◆ Task
Exact reproduction required: the lines below from the line with "#1068=CARTESIAN_POINT('',(0.,15.5,8.5));" to the line with "#1436=DIRECTION('',(-1.0,0.,0.0));", both ends included, and no others.

Stored dataset items:
<<<<
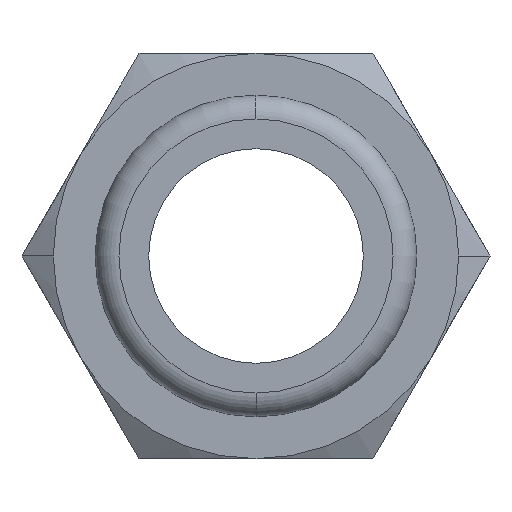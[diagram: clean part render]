
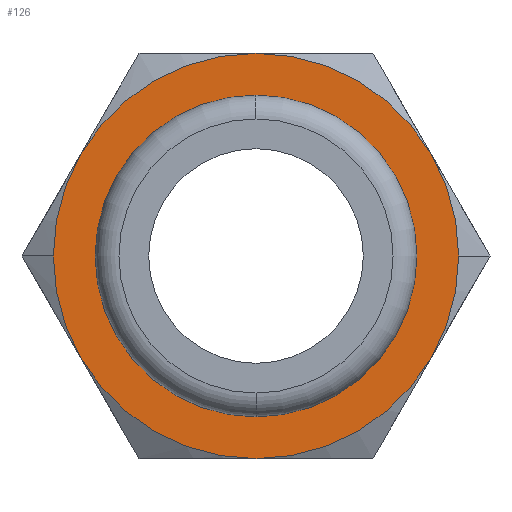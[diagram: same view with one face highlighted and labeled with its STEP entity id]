
A CAD part, front view. The second image highlights one B-rep face of the part: STEP entity #126.
In plain terms, the highlighted planar face has unit normal (0, -1, 0).
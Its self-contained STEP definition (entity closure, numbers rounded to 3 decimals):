
#126=ADVANCED_FACE('',(#256,#257),#258,.T.);
#256=FACE_OUTER_BOUND('',#387,.T.);
#257=FACE_BOUND('',#388,.T.);
#258=PLANE('',#389);
#387=EDGE_LOOP('',(#668,#669,#670,#671,#672,#673,#674,#675));
#388=EDGE_LOOP('',(#676,#677));
#389=AXIS2_PLACEMENT_3D('',#678,#679,#680);
#668=ORIENTED_EDGE('',*,*,#762,.T.);
#669=ORIENTED_EDGE('',*,*,#841,.T.);
#670=ORIENTED_EDGE('',*,*,#863,.T.);
#671=ORIENTED_EDGE('',*,*,#844,.T.);
#672=ORIENTED_EDGE('',*,*,#864,.T.);
#673=ORIENTED_EDGE('',*,*,#861,.T.);
#674=ORIENTED_EDGE('',*,*,#758,.T.);
#675=ORIENTED_EDGE('',*,*,#776,.T.);
#676=ORIENTED_EDGE('',*,*,#825,.F.);
#677=ORIENTED_EDGE('',*,*,#779,.F.);
#678=CARTESIAN_POINT('',(-4.25,15.5,0.0));
#679=DIRECTION('',(0.,-1.0,0.0));
#680=DIRECTION('',(-1.0,0.,0.0));
#758=EDGE_CURVE('',#892,#890,#893,.T.);
#762=EDGE_CURVE('',#899,#897,#900,.T.);
#776=EDGE_CURVE('',#890,#899,#921,.T.);
#779=EDGE_CURVE('',#924,#926,#927,.T.);
#825=EDGE_CURVE('',#926,#924,#996,.T.);
#841=EDGE_CURVE('',#897,#982,#1018,.T.);
#844=EDGE_CURVE('',#961,#972,#1021,.T.);
#861=EDGE_CURVE('',#1036,#892,#1039,.T.);
#863=EDGE_CURVE('',#982,#961,#1041,.T.);
#864=EDGE_CURVE('',#972,#1036,#1042,.T.);
#890=VERTEX_POINT('',#1068);
#892=VERTEX_POINT('',#1081);
#893=CIRCLE('',#1082,8.5);
#897=VERTEX_POINT('',#1097);
#899=VERTEX_POINT('',#1100);
#900=CIRCLE('',#1101,8.5);
#921=CIRCLE('',#1159,8.5);
#924=VERTEX_POINT('',#1162);
#926=VERTEX_POINT('',#1165);
#927=CIRCLE('',#1166,6.75);
#961=VERTEX_POINT('',#1208);
#972=VERTEX_POINT('',#1244);
#982=VERTEX_POINT('',#1278);
#996=CIRCLE('',#1318,6.75);
#1018=CIRCLE('',#1344,8.5);
#1021=CIRCLE('',#1347,8.5);
#1036=VERTEX_POINT('',#1365);
#1039=CIRCLE('',#1380,8.5);
#1041=CIRCLE('',#1382,8.5);
#1042=CIRCLE('',#1383,8.5);
#1068=CARTESIAN_POINT('',(0.,15.5,8.5));
#1081=CARTESIAN_POINT('',(7.361,15.5,4.25));
#1082=AXIS2_PLACEMENT_3D('',#1414,#1415,#1416);
#1097=CARTESIAN_POINT('',(-8.5,15.5,0.));
#1100=CARTESIAN_POINT('',(-7.361,15.5,4.25));
#1101=AXIS2_PLACEMENT_3D('',#1418,#1419,#1420);
#1159=AXIS2_PLACEMENT_3D('',#1434,#1435,#1436);
#1162=CARTESIAN_POINT('',(6.75,15.5,0.));
#1165=CARTESIAN_POINT('',(-6.75,15.5,0.));
#1166=AXIS2_PLACEMENT_3D('',#1438,#1439,#1440);
#1208=CARTESIAN_POINT('',(0.,15.5,-8.5));
#1244=CARTESIAN_POINT('',(7.361,15.5,-4.25));
#1278=CARTESIAN_POINT('',(-7.361,15.5,-4.25));
#1318=AXIS2_PLACEMENT_3D('',#1494,#1495,#1496);
#1344=AXIS2_PLACEMENT_3D('',#1519,#1520,#1521);
#1347=AXIS2_PLACEMENT_3D('',#1522,#1523,#1524);
#1365=CARTESIAN_POINT('',(8.5,15.5,0.));
#1380=AXIS2_PLACEMENT_3D('',#1541,#1542,#1543);
#1382=AXIS2_PLACEMENT_3D('',#1544,#1545,#1546);
#1383=AXIS2_PLACEMENT_3D('',#1547,#1548,#1549);
#1414=CARTESIAN_POINT('',(0.,15.5,0.0));
#1415=DIRECTION('',(0.,-1.0,0.0));
#1416=DIRECTION('',(-1.0,0.,0.0));
#1418=CARTESIAN_POINT('',(0.,15.5,0.0));
#1419=DIRECTION('',(0.,-1.0,0.0));
#1420=DIRECTION('',(-1.0,0.,0.0));
#1434=CARTESIAN_POINT('',(0.,15.5,0.0));
#1435=DIRECTION('',(0.,-1.0,0.0));
#1436=DIRECTION('',(-1.0,0.,0.0));
#1438=CARTESIAN_POINT('',(0.0,15.5,0.0));
#1439=DIRECTION('',(0.,-1.0,0.0));
#1440=DIRECTION('',(1.0,0.,0.0));
#1494=CARTESIAN_POINT('',(0.0,15.5,0.0));
#1495=DIRECTION('',(0.,-1.0,0.0));
#1496=DIRECTION('',(1.0,0.,0.0));
#1519=CARTESIAN_POINT('',(0.,15.5,0.0));
#1520=DIRECTION('',(0.,-1.0,0.0));
#1521=DIRECTION('',(-1.0,0.,0.0));
#1522=CARTESIAN_POINT('',(0.,15.5,0.0));
#1523=DIRECTION('',(0.,-1.0,0.0));
#1524=DIRECTION('',(-1.0,0.,0.0));
#1541=CARTESIAN_POINT('',(0.,15.5,0.0));
#1542=DIRECTION('',(0.,-1.0,0.0));
#1543=DIRECTION('',(-1.0,0.,0.0));
#1544=CARTESIAN_POINT('',(0.,15.5,0.0));
#1545=DIRECTION('',(0.,-1.0,0.0));
#1546=DIRECTION('',(-1.0,0.,0.0));
#1547=CARTESIAN_POINT('',(0.,15.5,0.0));
#1548=DIRECTION('',(0.,-1.0,0.0));
#1549=DIRECTION('',(-1.0,0.,0.0));
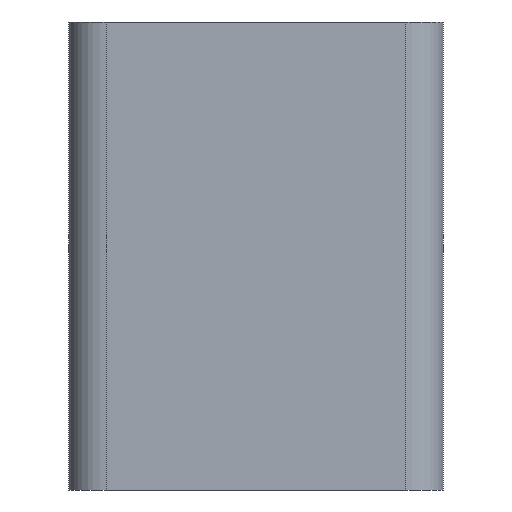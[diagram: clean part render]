
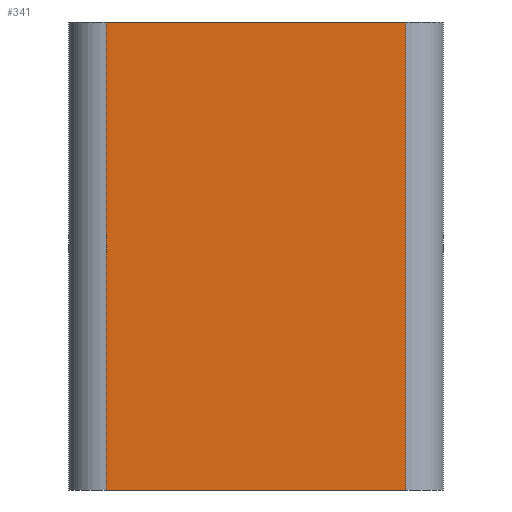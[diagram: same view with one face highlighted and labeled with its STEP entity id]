
A CAD part, front view. The second image highlights one B-rep face of the part: STEP entity #341.
In plain terms, the highlighted planar face has unit normal (0, -1, 0).
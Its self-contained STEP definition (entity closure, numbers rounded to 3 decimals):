
#55 = VERTEX_POINT ( 'NONE', #545 ) ;
#66 = CARTESIAN_POINT ( 'NONE',  ( -16., -8., 25. ) ) ;
#98 = CARTESIAN_POINT ( 'NONE',  ( -16., -8., -25. ) ) ;
#195 = CARTESIAN_POINT ( 'NONE',  ( -16., -8., 25. ) ) ;
#216 = EDGE_CURVE ( 'NONE', #55, #1036, #346, .T. ) ;
#226 = ORIENTED_EDGE ( 'NONE', *, *, #839, .F. ) ;
#248 = CARTESIAN_POINT ( 'NONE',  ( -16., -8., 25. ) ) ;
#310 = EDGE_LOOP ( 'NONE', ( #406, #735, #226, #372 ) ) ;
#341 = ADVANCED_FACE ( 'NONE', ( #1016 ), #934, .F. ) ;
#346 = LINE ( 'NONE', #1008, #971 ) ;
#370 = DIRECTION ( 'NONE',  ( 0., 0., -1. ) ) ;
#371 = DIRECTION ( 'NONE',  ( -1., 0., 0. ) ) ;
#372 = ORIENTED_EDGE ( 'NONE', *, *, #723, .T. ) ;
#394 = LINE ( 'NONE', #921, #823 ) ;
#406 = ORIENTED_EDGE ( 'NONE', *, *, #876, .T. ) ;
#442 = DIRECTION ( 'NONE',  ( 0., 1., 0. ) ) ;
#452 = CARTESIAN_POINT ( 'NONE',  ( -16., -8., 25. ) ) ;
#499 = AXIS2_PLACEMENT_3D ( 'NONE', #195, #442, #371 ) ;
#545 = CARTESIAN_POINT ( 'NONE',  ( 16., -8., 25. ) ) ;
#563 = VERTEX_POINT ( 'NONE', #98 ) ;
#588 = DIRECTION ( 'NONE',  ( 0., 0., -1. ) ) ;
#607 = CARTESIAN_POINT ( 'NONE',  ( 16., -8., -25. ) ) ;
#723 = EDGE_CURVE ( 'NONE', #871, #563, #861, .T. ) ;
#735 = ORIENTED_EDGE ( 'NONE', *, *, #216, .F. ) ;
#742 = LINE ( 'NONE', #248, #1003 ) ;
#747 = DIRECTION ( 'NONE',  ( 1., 0., 0. ) ) ;
#823 = VECTOR ( 'NONE', #747, 1000. ) ;
#839 = EDGE_CURVE ( 'NONE', #871, #55, #742, .T. ) ;
#861 = LINE ( 'NONE', #452, #947 ) ;
#871 = VERTEX_POINT ( 'NONE', #66 ) ;
#876 = EDGE_CURVE ( 'NONE', #563, #1036, #394, .T. ) ;
#905 = DIRECTION ( 'NONE',  ( 1., 0., 0. ) ) ;
#921 = CARTESIAN_POINT ( 'NONE',  ( -16., -8., -25. ) ) ;
#934 = PLANE ( 'NONE',  #499 ) ;
#947 = VECTOR ( 'NONE', #370, 1000. ) ;
#971 = VECTOR ( 'NONE', #588, 1000. ) ;
#1003 = VECTOR ( 'NONE', #905, 1000. ) ;
#1008 = CARTESIAN_POINT ( 'NONE',  ( 16., -8., 25. ) ) ;
#1016 = FACE_OUTER_BOUND ( 'NONE', #310, .T. ) ;
#1036 = VERTEX_POINT ( 'NONE', #607 ) ;
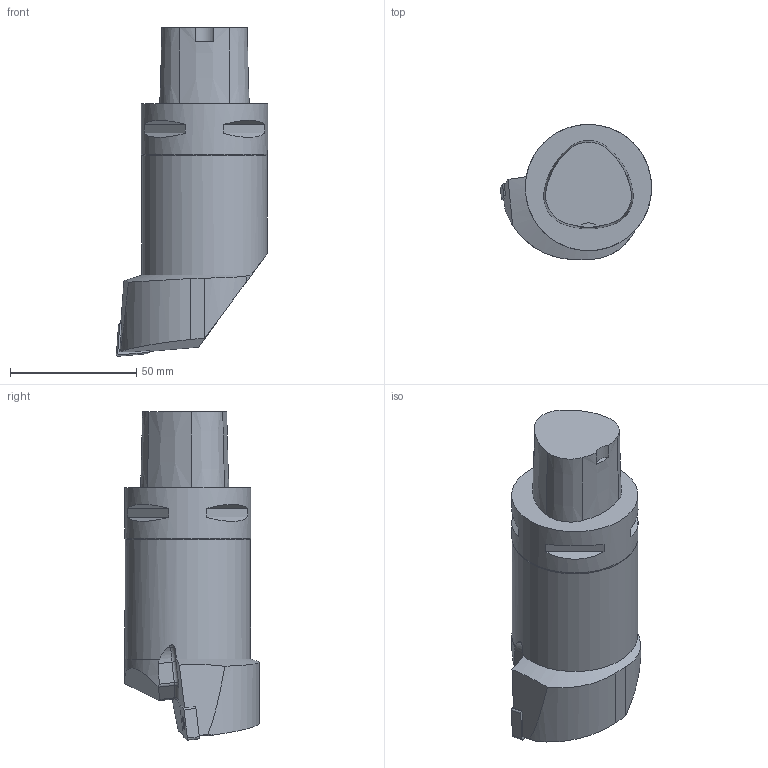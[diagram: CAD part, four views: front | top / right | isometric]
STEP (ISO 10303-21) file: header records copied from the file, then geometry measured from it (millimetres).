
FILE_DESCRIPTION(/* description */ (''),/* implementation_level */ '2;1');
FILE_NAME(/* name */ 'assy.stp',/* time_stamp */ '2017-10-06T00:33:11+02:00',/* author */ (''),/* organization */ ('SMS'),/* preprocessor_version */ 'ST-DEVELOPER v15',/* originating_system */ 'SIEMENS PLM Software NX 8.5',/* authorisation */ '');
FILE_SCHEMA (('AUTOMOTIVE_DESIGN { 1 0 10303 214 3 1 1 1 }'));
Length unit declared in the file: millimetre
Products named in the file (4): ASSEMBLY_CONSTRUCTION; NOCUT; CUT; ASSY
Assembly tree (3 placements, depth 2):
  ASSY
    CUT
    NOCUT
    ASSEMBLY_CONSTRUCTION
Bounding box: 59.87 x 53.37 x 130 mm (x, y, z)
Volume: 196920.4 mm3; surface area: 22480.5 mm2
Topology: 2 solids, 2 shells, 70 faces, 175 edges, 121 vertices
Faces by surface type: plane 38, cylinder 20, cone 8, torus 4
Full cylindrical faces by diameter (mm): 5.156 x2, 49.7 x1, 50 x1
Entity records: 2335 total; most frequent: CARTESIAN_POINT 497, DIRECTION 379, ORIENTED_EDGE 332, EDGE_CURVE 166, AXIS2_PLACEMENT_3D 150, VERTEX_POINT 111, EDGE_LOOP 83, LINE 79
>>>>
◆ Solution to the exercise
#1068=CARTESIAN_POINT('',(0.,15.5,8.5));
#1081=CARTESIAN_POINT('',(7.361,15.5,4.25));
#1082=AXIS2_PLACEMENT_3D('',#1414,#1415,#1416);
#1097=CARTESIAN_POINT('',(-8.5,15.5,0.));
#1100=CARTESIAN_POINT('',(-7.361,15.5,4.25));
#1101=AXIS2_PLACEMENT_3D('',#1418,#1419,#1420);
#1159=AXIS2_PLACEMENT_3D('',#1434,#1435,#1436);
#1162=CARTESIAN_POINT('',(6.75,15.5,0.));
#1165=CARTESIAN_POINT('',(-6.75,15.5,0.));
#1166=AXIS2_PLACEMENT_3D('',#1438,#1439,#1440);
#1208=CARTESIAN_POINT('',(0.,15.5,-8.5));
#1244=CARTESIAN_POINT('',(7.361,15.5,-4.25));
#1278=CARTESIAN_POINT('',(-7.361,15.5,-4.25));
#1318=AXIS2_PLACEMENT_3D('',#1494,#1495,#1496);
#1344=AXIS2_PLACEMENT_3D('',#1519,#1520,#1521);
#1347=AXIS2_PLACEMENT_3D('',#1522,#1523,#1524);
#1365=CARTESIAN_POINT('',(8.5,15.5,0.));
#1380=AXIS2_PLACEMENT_3D('',#1541,#1542,#1543);
#1382=AXIS2_PLACEMENT_3D('',#1544,#1545,#1546);
#1383=AXIS2_PLACEMENT_3D('',#1547,#1548,#1549);
#1414=CARTESIAN_POINT('',(0.,15.5,0.0));
#1415=DIRECTION('',(0.,-1.0,0.0));
#1416=DIRECTION('',(-1.0,0.,0.0));
#1418=CARTESIAN_POINT('',(0.,15.5,0.0));
#1419=DIRECTION('',(0.,-1.0,0.0));
#1420=DIRECTION('',(-1.0,0.,0.0));
#1434=CARTESIAN_POINT('',(0.,15.5,0.0));
#1435=DIRECTION('',(0.,-1.0,0.0));
#1436=DIRECTION('',(-1.0,0.,0.0));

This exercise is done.